*** Begin section ***

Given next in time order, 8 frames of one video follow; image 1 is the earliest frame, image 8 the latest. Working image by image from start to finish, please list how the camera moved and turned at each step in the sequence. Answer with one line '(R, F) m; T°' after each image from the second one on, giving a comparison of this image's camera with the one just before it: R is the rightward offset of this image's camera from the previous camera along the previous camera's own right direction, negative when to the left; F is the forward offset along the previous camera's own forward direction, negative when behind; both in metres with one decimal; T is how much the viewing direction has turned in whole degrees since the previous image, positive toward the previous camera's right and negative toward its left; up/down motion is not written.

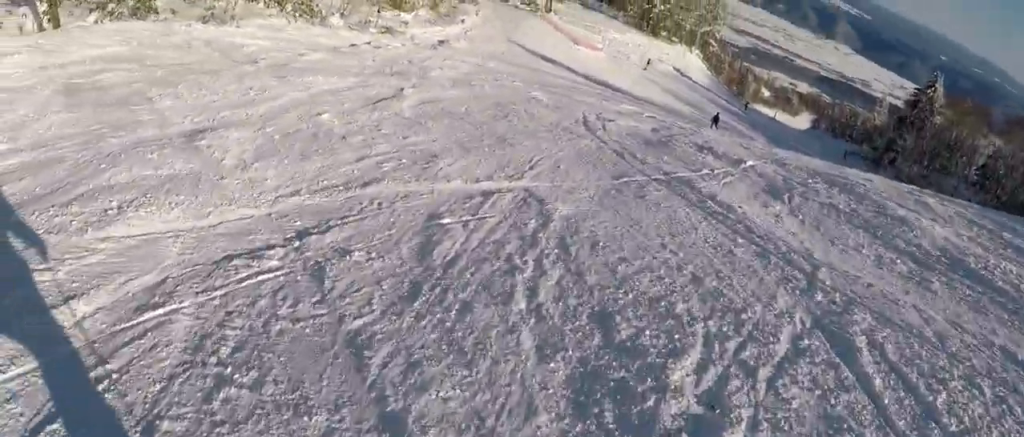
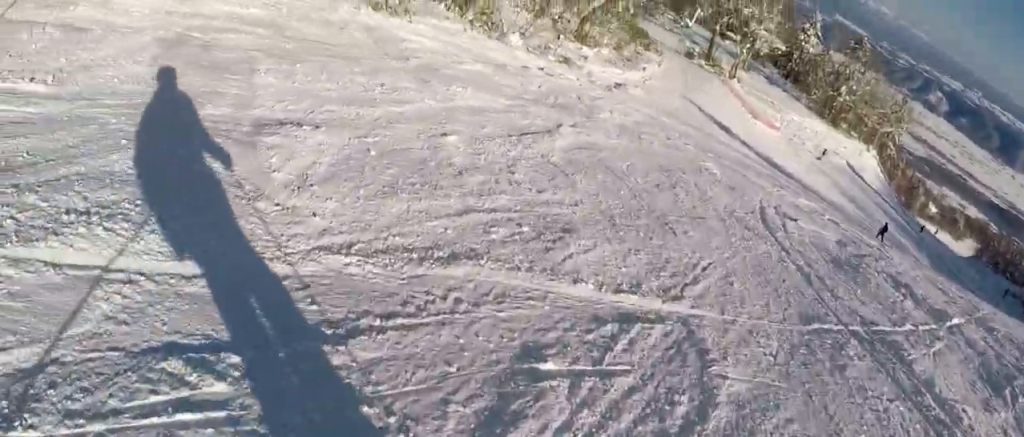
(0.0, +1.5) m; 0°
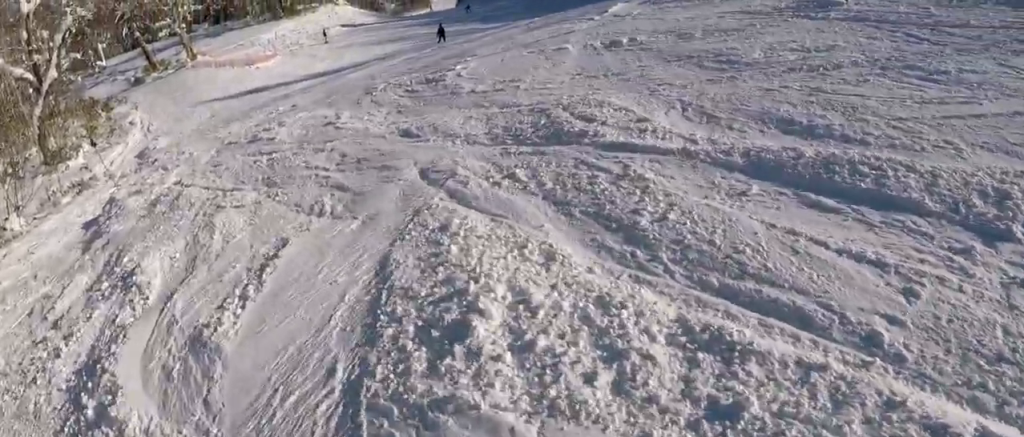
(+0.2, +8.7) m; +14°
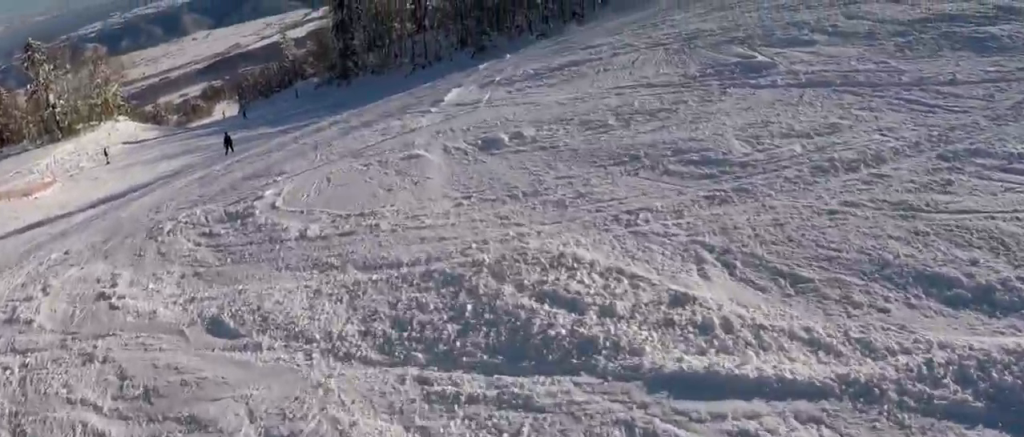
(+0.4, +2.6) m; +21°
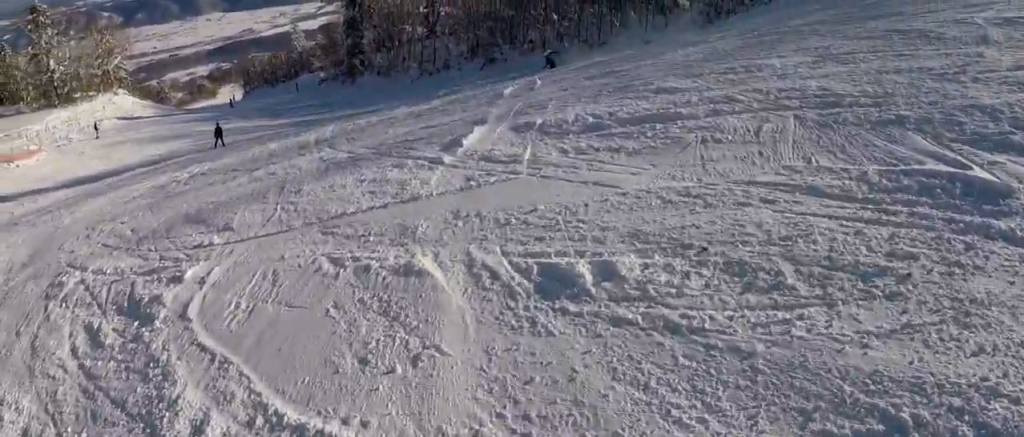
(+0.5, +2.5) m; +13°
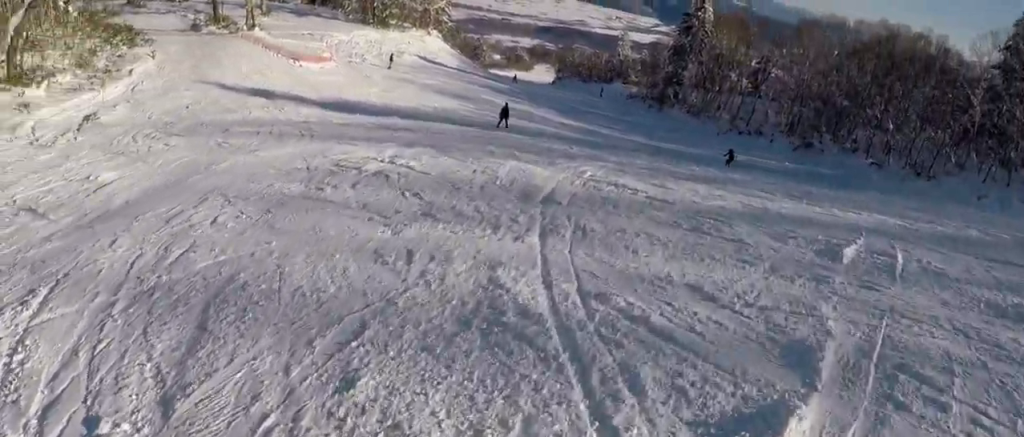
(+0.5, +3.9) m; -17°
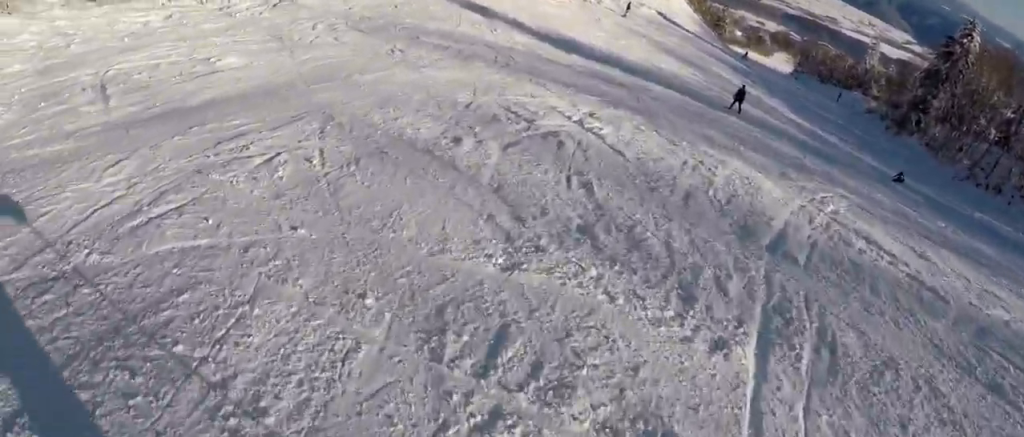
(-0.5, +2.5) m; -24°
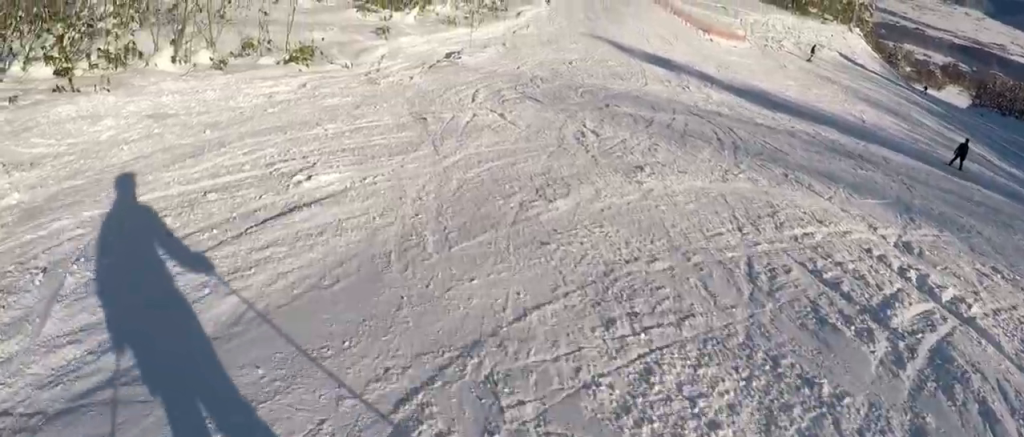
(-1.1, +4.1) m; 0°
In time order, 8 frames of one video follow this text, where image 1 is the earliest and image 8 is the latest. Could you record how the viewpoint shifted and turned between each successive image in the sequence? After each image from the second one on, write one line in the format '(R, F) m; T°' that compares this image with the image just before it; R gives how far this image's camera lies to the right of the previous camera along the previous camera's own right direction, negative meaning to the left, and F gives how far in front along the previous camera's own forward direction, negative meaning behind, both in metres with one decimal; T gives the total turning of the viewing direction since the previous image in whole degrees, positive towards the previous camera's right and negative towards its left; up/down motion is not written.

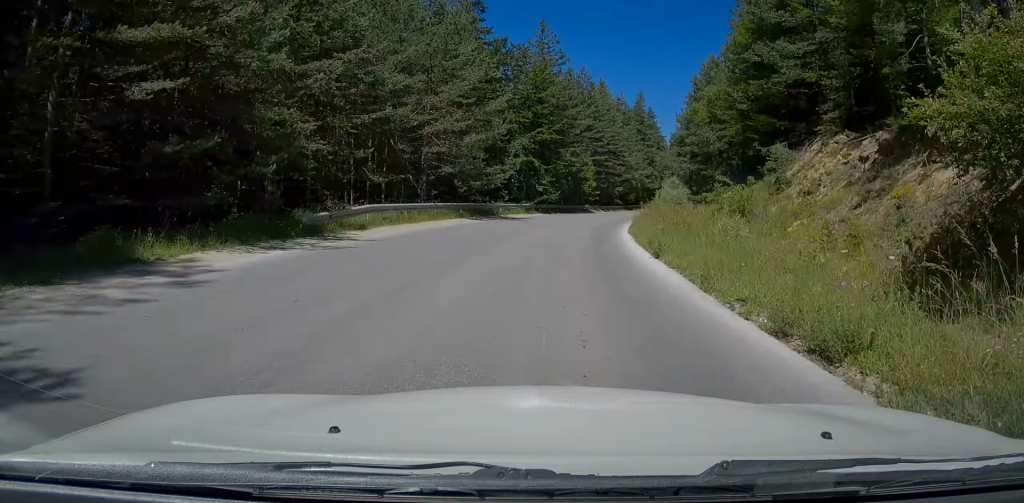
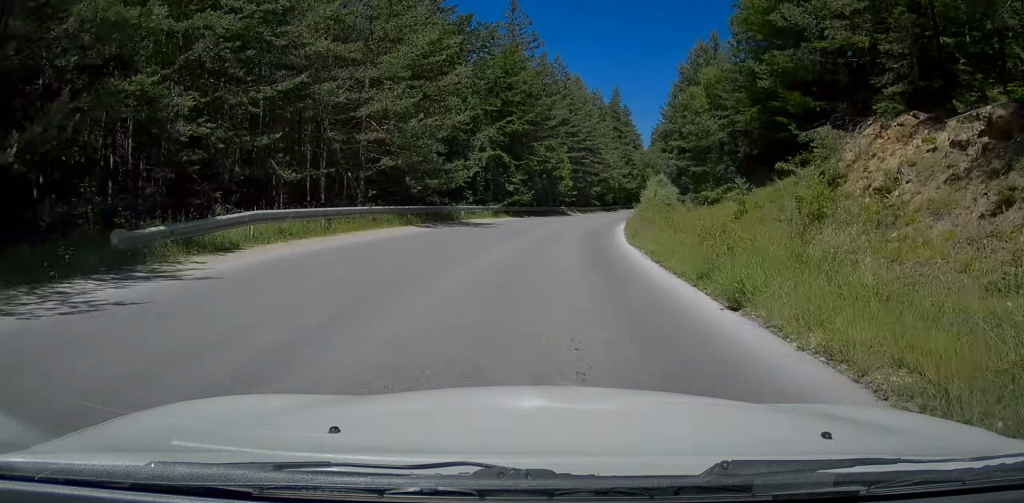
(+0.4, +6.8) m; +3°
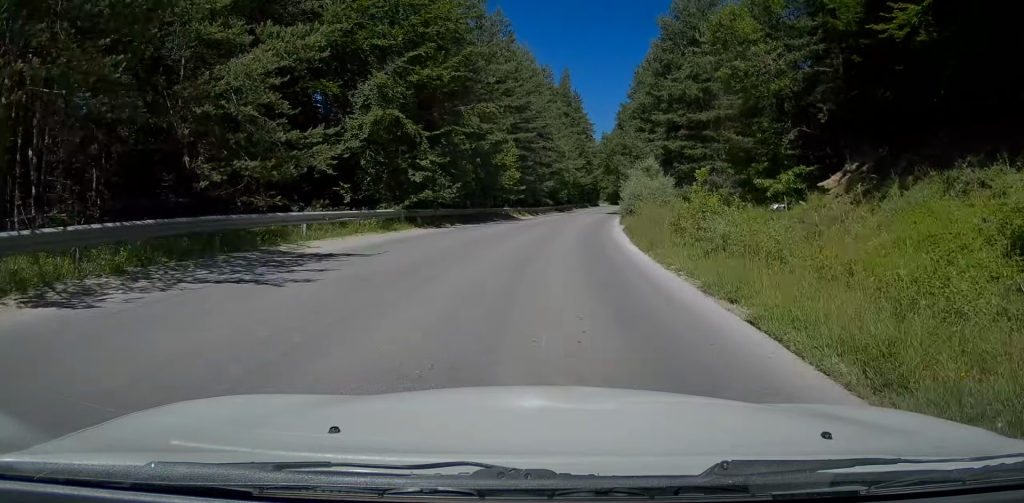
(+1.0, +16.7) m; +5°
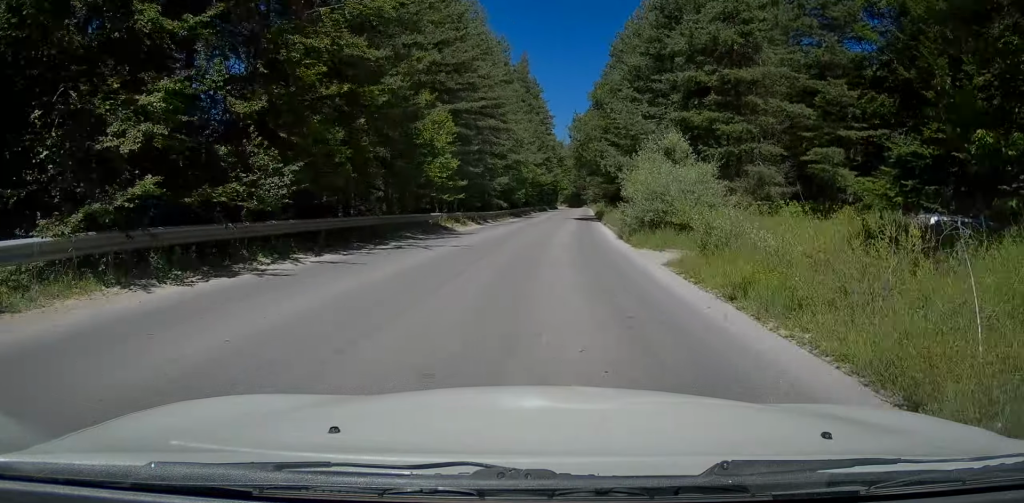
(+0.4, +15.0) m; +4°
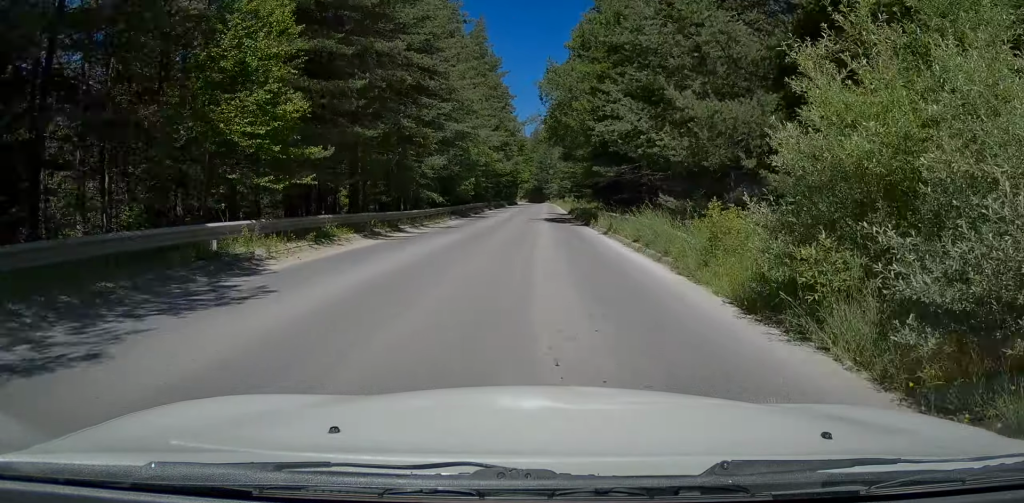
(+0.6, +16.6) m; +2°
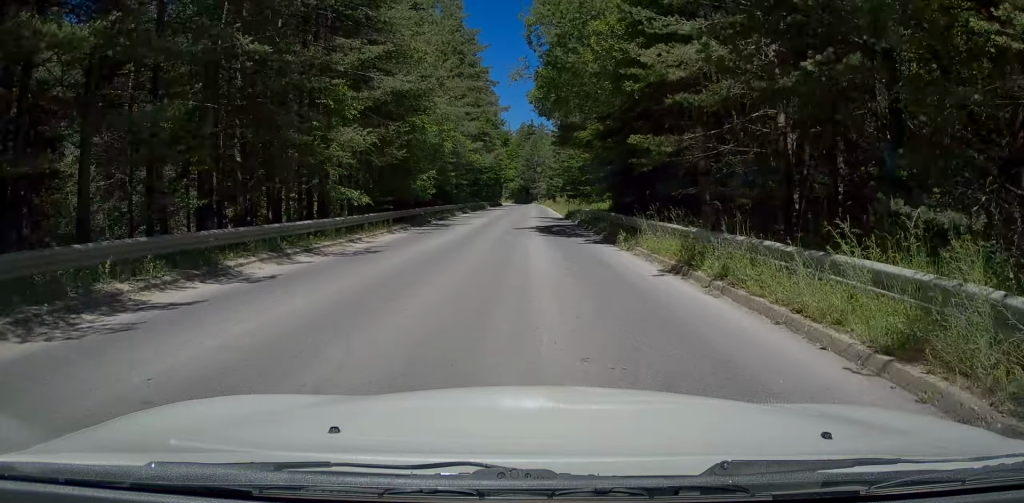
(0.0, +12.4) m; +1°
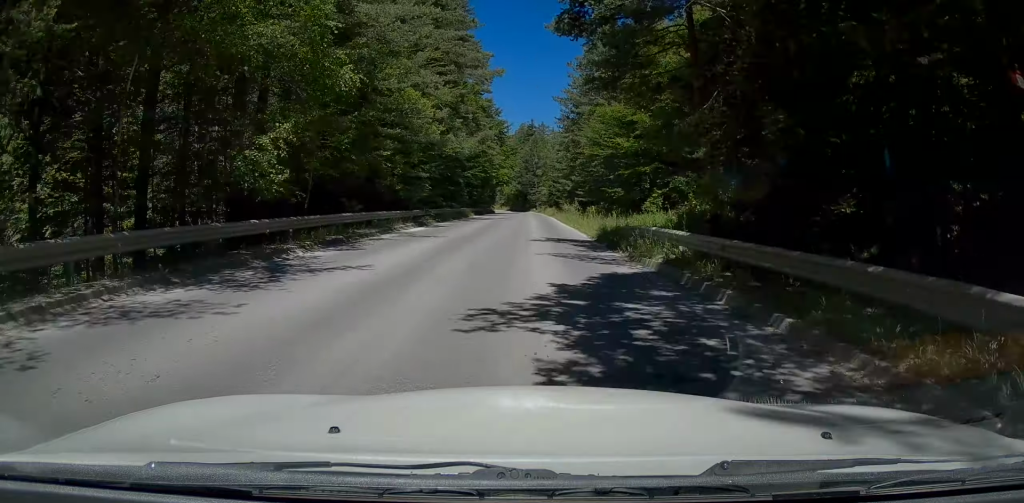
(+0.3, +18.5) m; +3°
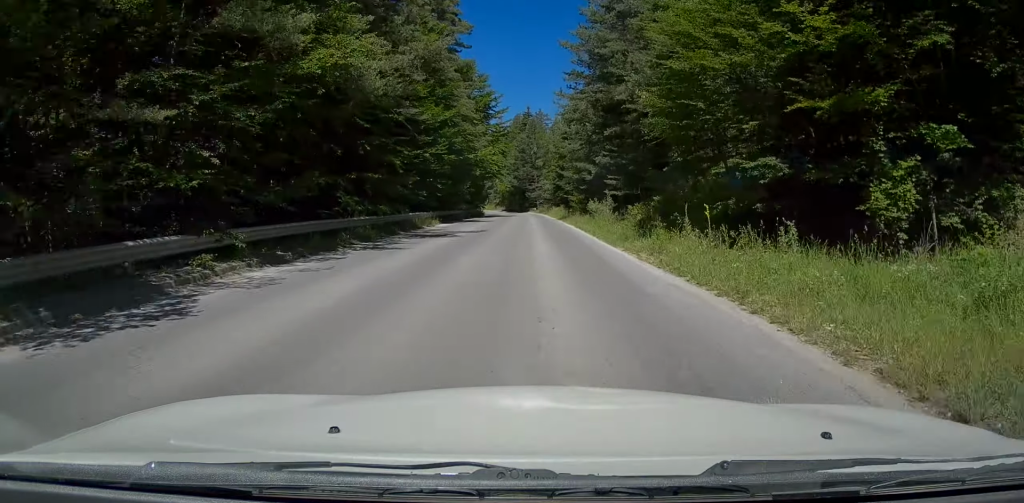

*** End section ***

◆ Your assignment:
Nothing but the lines from the one containing "In time order, 8 frames of one video follow this" through the last line of the records should appear in the copy, exactly as written and without pictures.

◆ Task response:
In time order, 8 frames of one video follow this text, where image 1 is the earliest and image 8 is the latest. Could you record how the viewpoint shifted and turned between each successive image in the sequence? After each image from the second one on, write one line in the format '(R, F) m; T°' that compares this image with the image just before it; R gives how far this image's camera lies to the right of the previous camera along the previous camera's own right direction, negative meaning to the left, and F gives how far in front along the previous camera's own forward direction, negative meaning behind, both in metres with one decimal; T gives the total turning of the viewing direction since the previous image in whole degrees, positive towards the previous camera's right and negative towards its left; up/down motion is not written.

(+0.4, +6.8) m; +3°
(+1.0, +16.7) m; +5°
(+0.4, +15.0) m; +4°
(+0.6, +16.6) m; +2°
(0.0, +12.4) m; +1°
(+0.3, +18.5) m; +3°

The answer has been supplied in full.